### [Your objective]
The entries that follow should be repeated exactly, with no pictures kept.

[Stored items from a collection]
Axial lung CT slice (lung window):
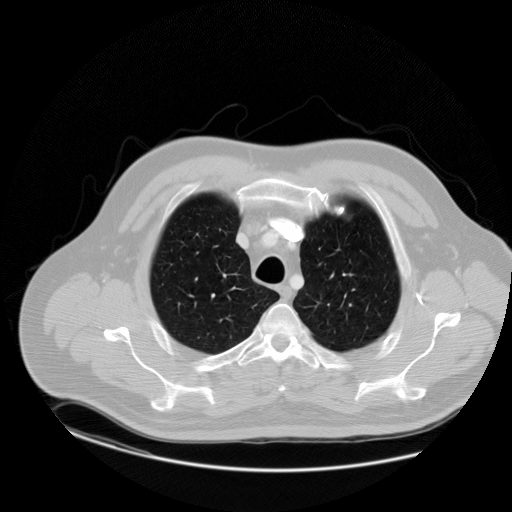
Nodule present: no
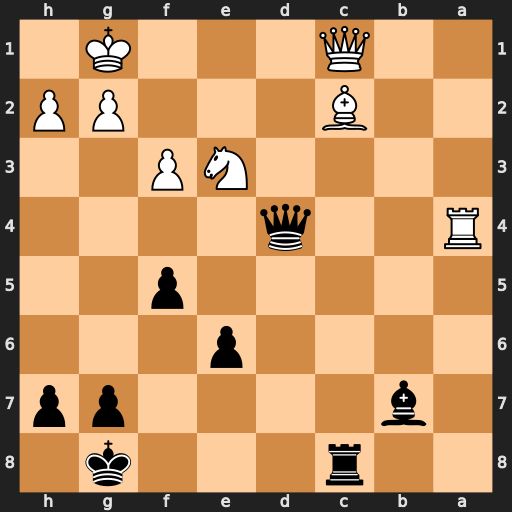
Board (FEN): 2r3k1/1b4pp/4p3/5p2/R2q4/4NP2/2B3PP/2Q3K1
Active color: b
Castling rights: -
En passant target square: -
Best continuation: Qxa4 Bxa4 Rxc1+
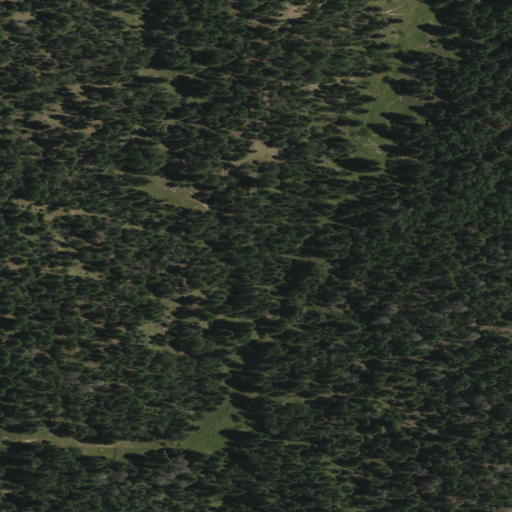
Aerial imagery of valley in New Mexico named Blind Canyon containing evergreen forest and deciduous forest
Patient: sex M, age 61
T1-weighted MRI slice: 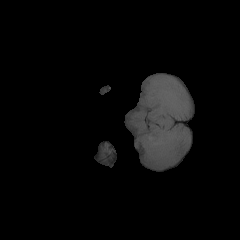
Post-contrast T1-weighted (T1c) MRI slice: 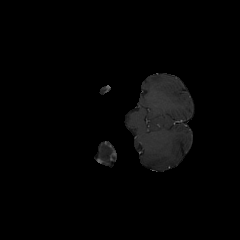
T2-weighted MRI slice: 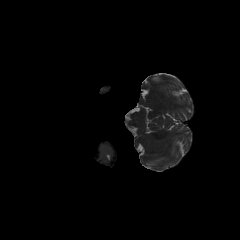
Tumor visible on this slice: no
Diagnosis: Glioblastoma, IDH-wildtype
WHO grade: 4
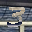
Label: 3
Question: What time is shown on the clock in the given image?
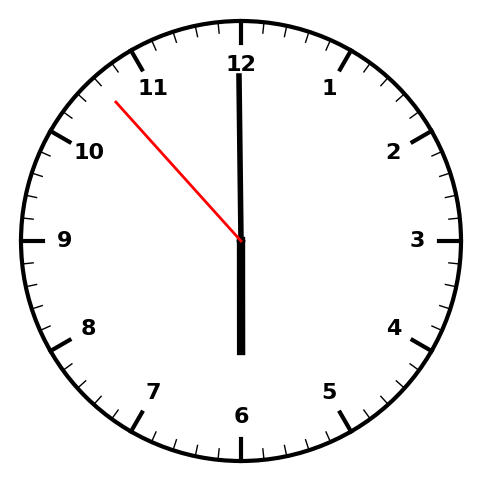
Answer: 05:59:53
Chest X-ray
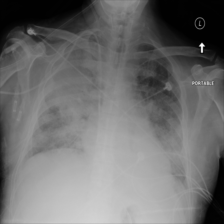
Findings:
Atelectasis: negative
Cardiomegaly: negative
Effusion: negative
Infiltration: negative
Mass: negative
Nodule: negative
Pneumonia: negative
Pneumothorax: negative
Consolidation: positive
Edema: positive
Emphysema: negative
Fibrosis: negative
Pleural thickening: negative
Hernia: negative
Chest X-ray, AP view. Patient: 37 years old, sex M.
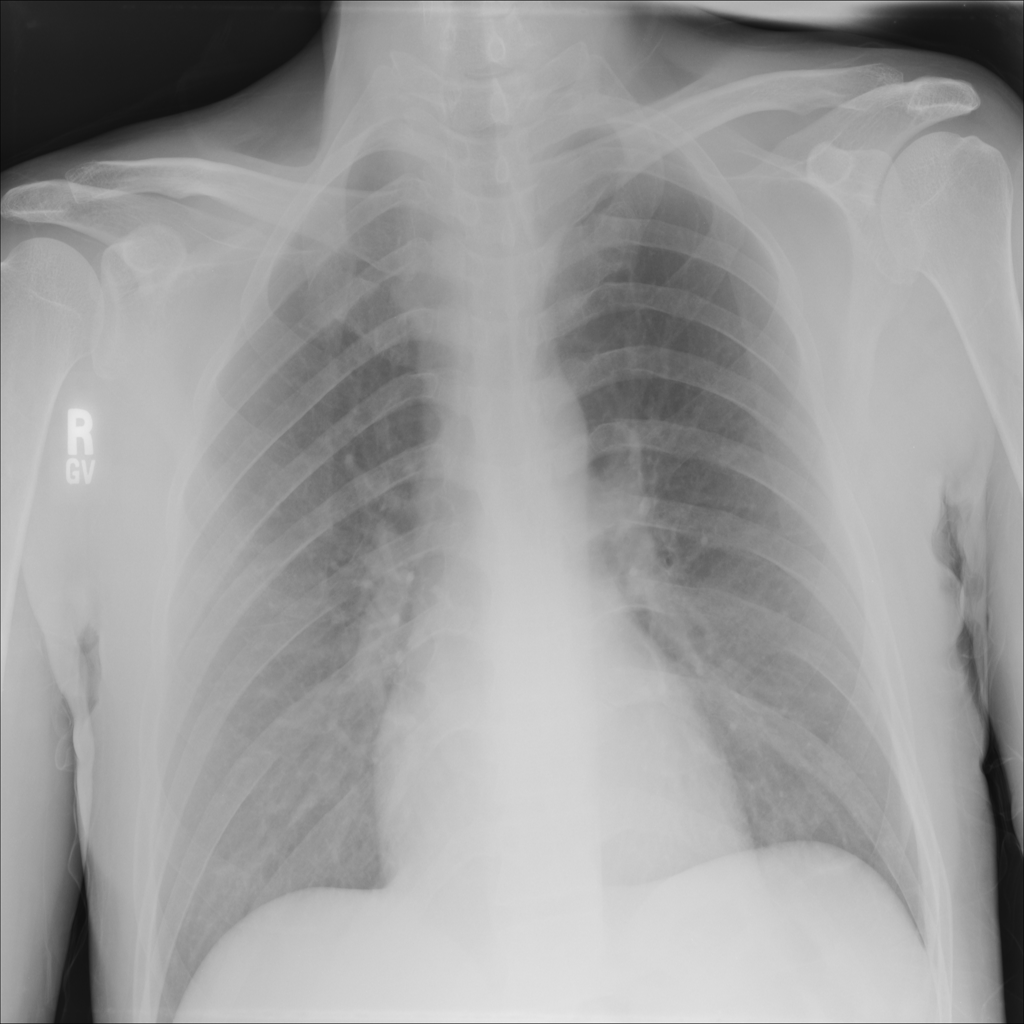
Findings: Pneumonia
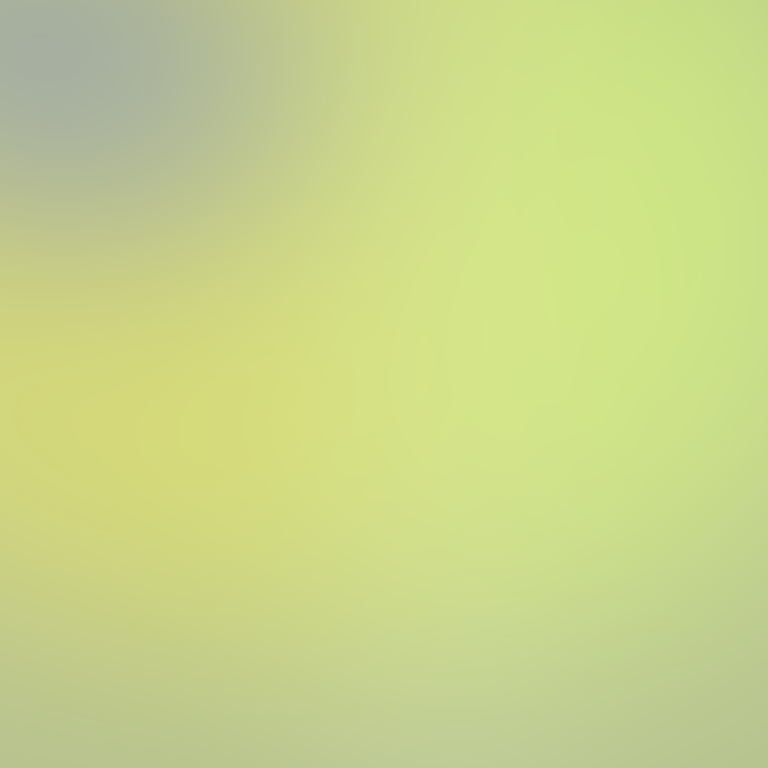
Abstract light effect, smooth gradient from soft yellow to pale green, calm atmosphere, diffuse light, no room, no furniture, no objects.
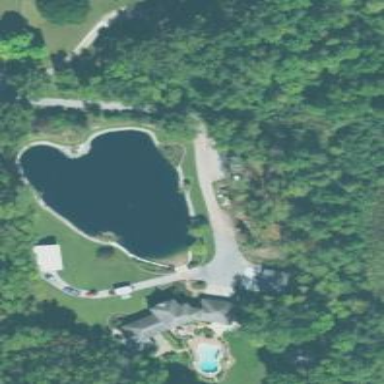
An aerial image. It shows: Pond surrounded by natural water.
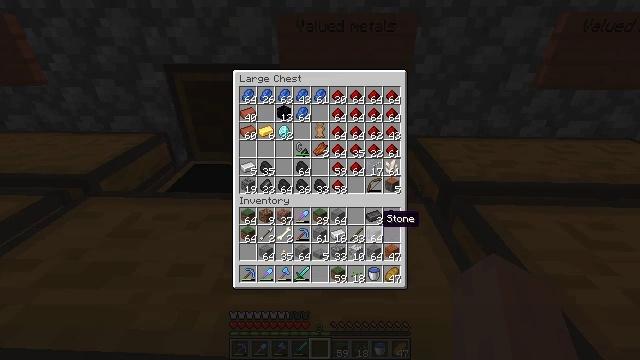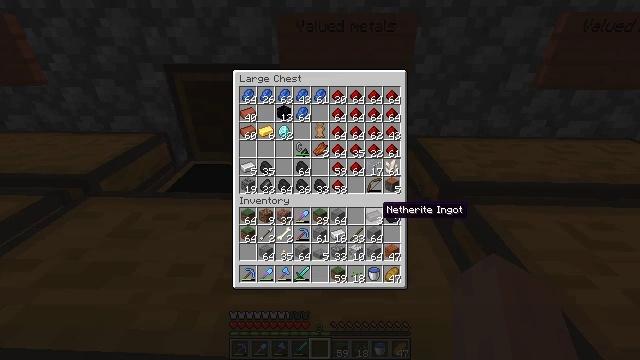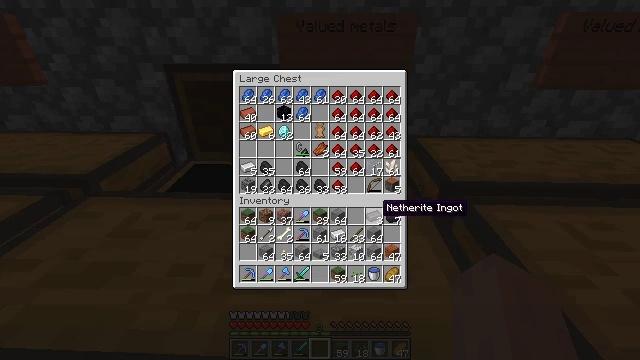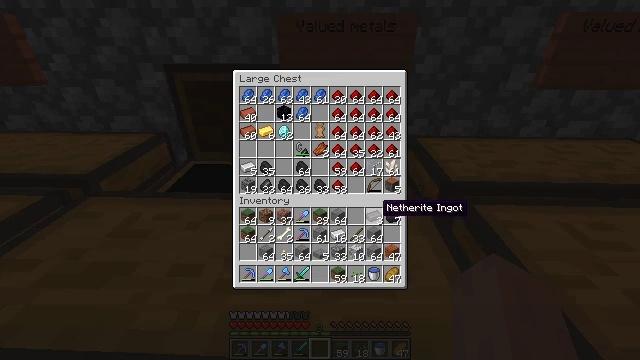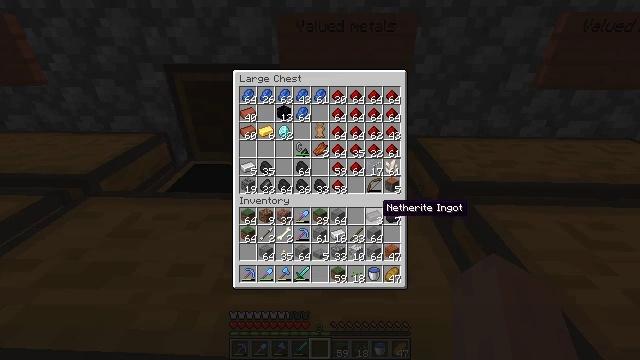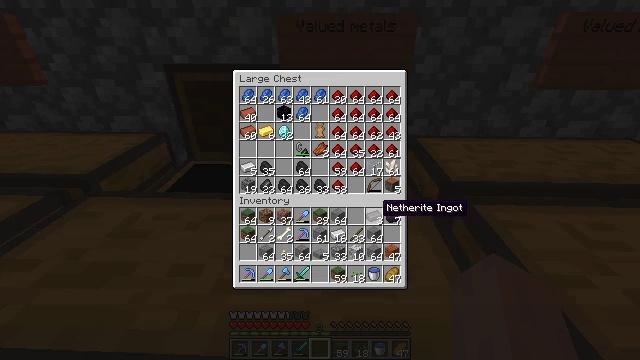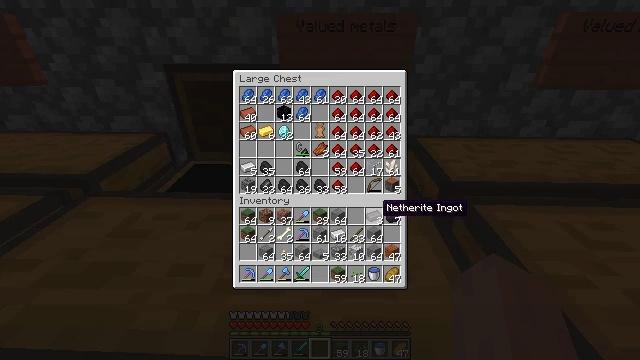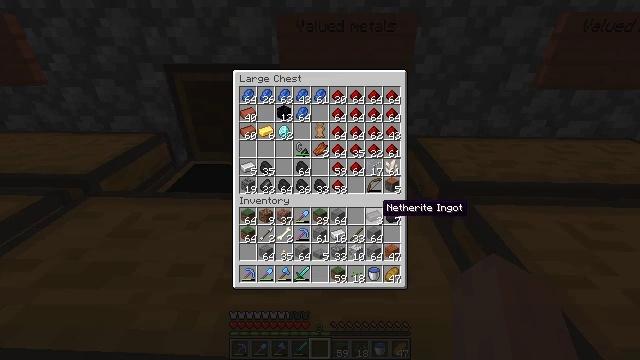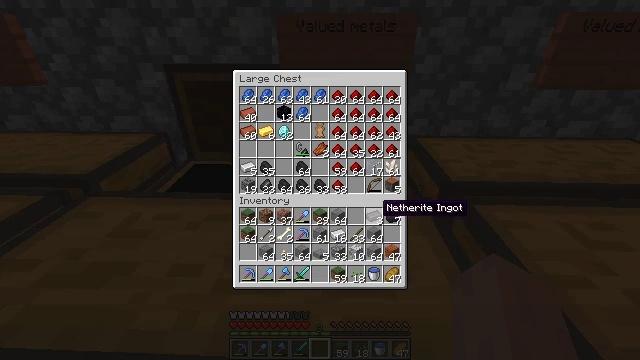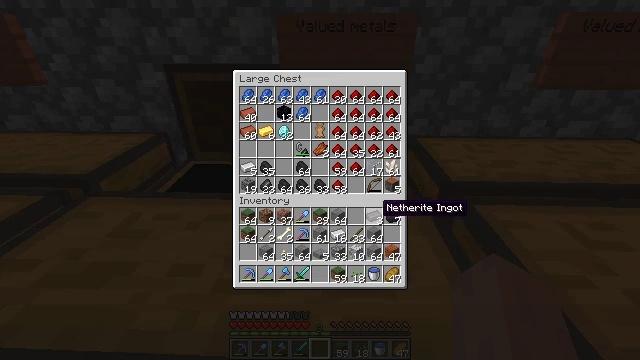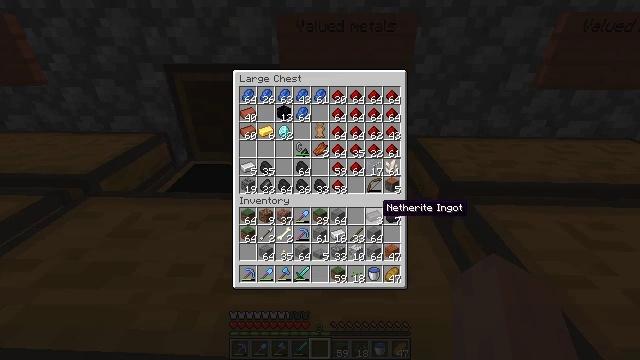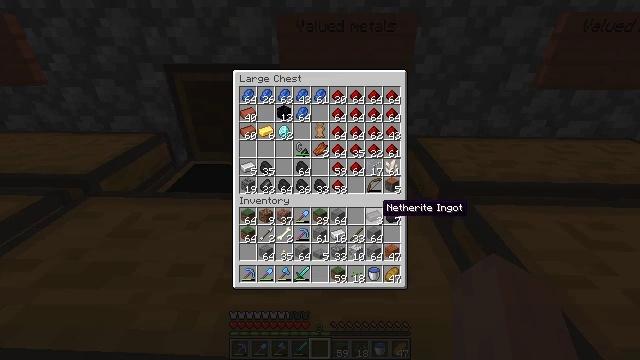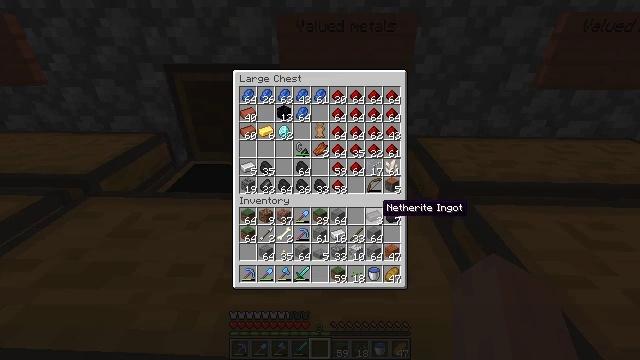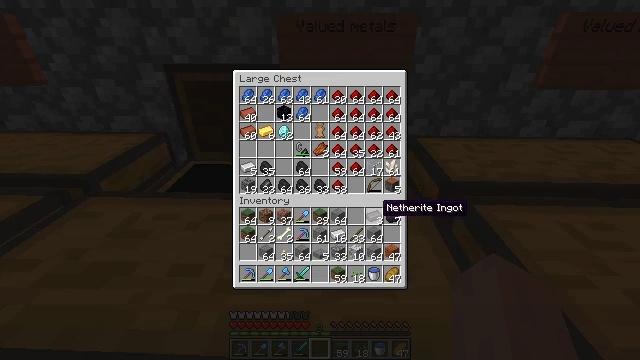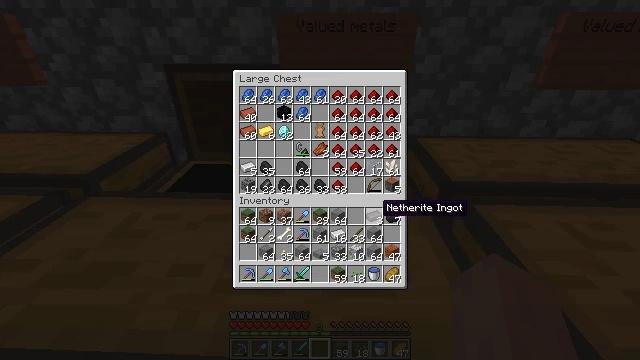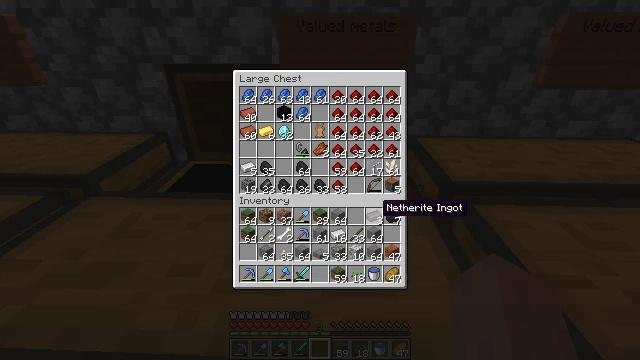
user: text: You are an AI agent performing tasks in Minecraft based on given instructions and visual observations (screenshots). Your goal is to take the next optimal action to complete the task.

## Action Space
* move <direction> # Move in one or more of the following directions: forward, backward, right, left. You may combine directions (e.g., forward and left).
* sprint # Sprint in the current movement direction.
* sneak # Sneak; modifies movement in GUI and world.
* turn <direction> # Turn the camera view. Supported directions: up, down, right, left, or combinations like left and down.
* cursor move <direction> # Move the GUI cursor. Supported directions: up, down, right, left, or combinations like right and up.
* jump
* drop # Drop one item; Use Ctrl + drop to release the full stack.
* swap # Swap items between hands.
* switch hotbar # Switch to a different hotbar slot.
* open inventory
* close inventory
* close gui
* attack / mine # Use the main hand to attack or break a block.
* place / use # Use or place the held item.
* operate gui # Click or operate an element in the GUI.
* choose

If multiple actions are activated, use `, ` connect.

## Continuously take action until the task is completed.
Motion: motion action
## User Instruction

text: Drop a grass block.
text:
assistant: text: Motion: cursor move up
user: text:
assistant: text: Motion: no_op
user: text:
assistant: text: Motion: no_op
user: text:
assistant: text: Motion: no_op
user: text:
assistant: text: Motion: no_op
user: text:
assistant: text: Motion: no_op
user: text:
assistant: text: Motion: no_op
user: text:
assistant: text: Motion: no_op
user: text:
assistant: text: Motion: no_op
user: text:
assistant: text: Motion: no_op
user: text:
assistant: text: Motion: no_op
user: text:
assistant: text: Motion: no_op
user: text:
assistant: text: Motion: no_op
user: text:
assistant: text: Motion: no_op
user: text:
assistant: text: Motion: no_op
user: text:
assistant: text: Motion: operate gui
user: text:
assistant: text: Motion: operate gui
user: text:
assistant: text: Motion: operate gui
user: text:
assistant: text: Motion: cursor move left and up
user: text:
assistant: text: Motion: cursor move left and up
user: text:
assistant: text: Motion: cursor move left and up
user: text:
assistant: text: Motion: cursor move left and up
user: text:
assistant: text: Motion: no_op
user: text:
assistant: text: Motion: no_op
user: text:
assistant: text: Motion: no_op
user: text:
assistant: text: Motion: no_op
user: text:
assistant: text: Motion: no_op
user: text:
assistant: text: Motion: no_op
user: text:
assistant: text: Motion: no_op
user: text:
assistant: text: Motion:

### [Exercise result]
Axial lung CT slice (lung window):
Nodule present: no
Board (FEN): 2r3k1/1b4pp/4p3/5p2/R2q4/4NP2/2B3PP/2Q3K1
Active color: b
Castling rights: -
En passant target square: -
Best continuation: Qxa4 Bxa4 Rxc1+
Aerial imagery of valley in New Mexico named Blind Canyon containing evergreen forest and deciduous forest
Patient: sex M, age 61
T1-weighted MRI slice: 
Post-contrast T1-weighted (T1c) MRI slice: 
T2-weighted MRI slice: 
Tumor visible on this slice: no
Diagnosis: Glioblastoma, IDH-wildtype
WHO grade: 4
Label: 3
Question: What time is shown on the clock in the given image?
Answer: 05:59:53
Chest X-ray
Findings:
Atelectasis: negative
Cardiomegaly: negative
Effusion: negative
Infiltration: negative
Mass: negative
Nodule: negative
Pneumonia: negative
Pneumothorax: negative
Consolidation: positive
Edema: positive
Emphysema: negative
Fibrosis: negative
Pleural thickening: negative
Hernia: negative
Chest X-ray, AP view. Patient: 37 years old, sex M.
Findings: Pneumonia
Abstract light effect, smooth gradient from soft yellow to pale green, calm atmosphere, diffuse light, no room, no furniture, no objects.
An aerial image. It shows: Pond surrounded by natural water.
user: text: You are an AI agent performing tasks in Minecraft based on given instructions and visual observations (screenshots). Your goal is to take the next optimal action to complete the task.

## Action Space
* move <direction> # Move in one or more of the following directions: forward, backward, right, left. You may combine directions (e.g., forward and left).
* sprint # Sprint in the current movement direction.
* sneak # Sneak; modifies movement in GUI and world.
* turn <direction> # Turn the camera view. Supported directions: up, down, right, left, or combinations like left and down.
* cursor move <direction> # Move the GUI cursor. Supported directions: up, down, right, left, or combinations like right and up.
* jump
* drop # Drop one item; Use Ctrl + drop to release the full stack.
* swap # Swap items between hands.
* switch hotbar # Switch to a different hotbar slot.
* open inventory
* close inventory
* close gui
* attack / mine # Use the main hand to attack or break a block.
* place / use # Use or place the held item.
* operate gui # Click or operate an element in the GUI.
* choose

If multiple actions are activated, use `, ` connect.

## Continuously take action until the task is completed.
Motion: motion action
## User Instruction

text: Drop a grass block.
text:
assistant: text: Motion: cursor move up
user: text:
assistant: text: Motion: no_op
user: text:
assistant: text: Motion: no_op
user: text:
assistant: text: Motion: no_op
user: text:
assistant: text: Motion: no_op
user: text:
assistant: text: Motion: no_op
user: text:
assistant: text: Motion: no_op
user: text:
assistant: text: Motion: no_op
user: text:
assistant: text: Motion: no_op
user: text:
assistant: text: Motion: no_op
user: text:
assistant: text: Motion: no_op
user: text:
assistant: text: Motion: no_op
user: text:
assistant: text: Motion: no_op
user: text:
assistant: text: Motion: no_op
user: text:
assistant: text: Motion: no_op
user: text:
assistant: text: Motion: operate gui
user: text:
assistant: text: Motion: operate gui
user: text:
assistant: text: Motion: operate gui
user: text:
assistant: text: Motion: cursor move left and up
user: text:
assistant: text: Motion: cursor move left and up
user: text:
assistant: text: Motion: cursor move left and up
user: text:
assistant: text: Motion: cursor move left and up
user: text:
assistant: text: Motion: no_op
user: text:
assistant: text: Motion: no_op
user: text:
assistant: text: Motion: no_op
user: text:
assistant: text: Motion: no_op
user: text:
assistant: text: Motion: no_op
user: text:
assistant: text: Motion: no_op
user: text:
assistant: text: Motion: no_op
user: text:
assistant: text: Motion:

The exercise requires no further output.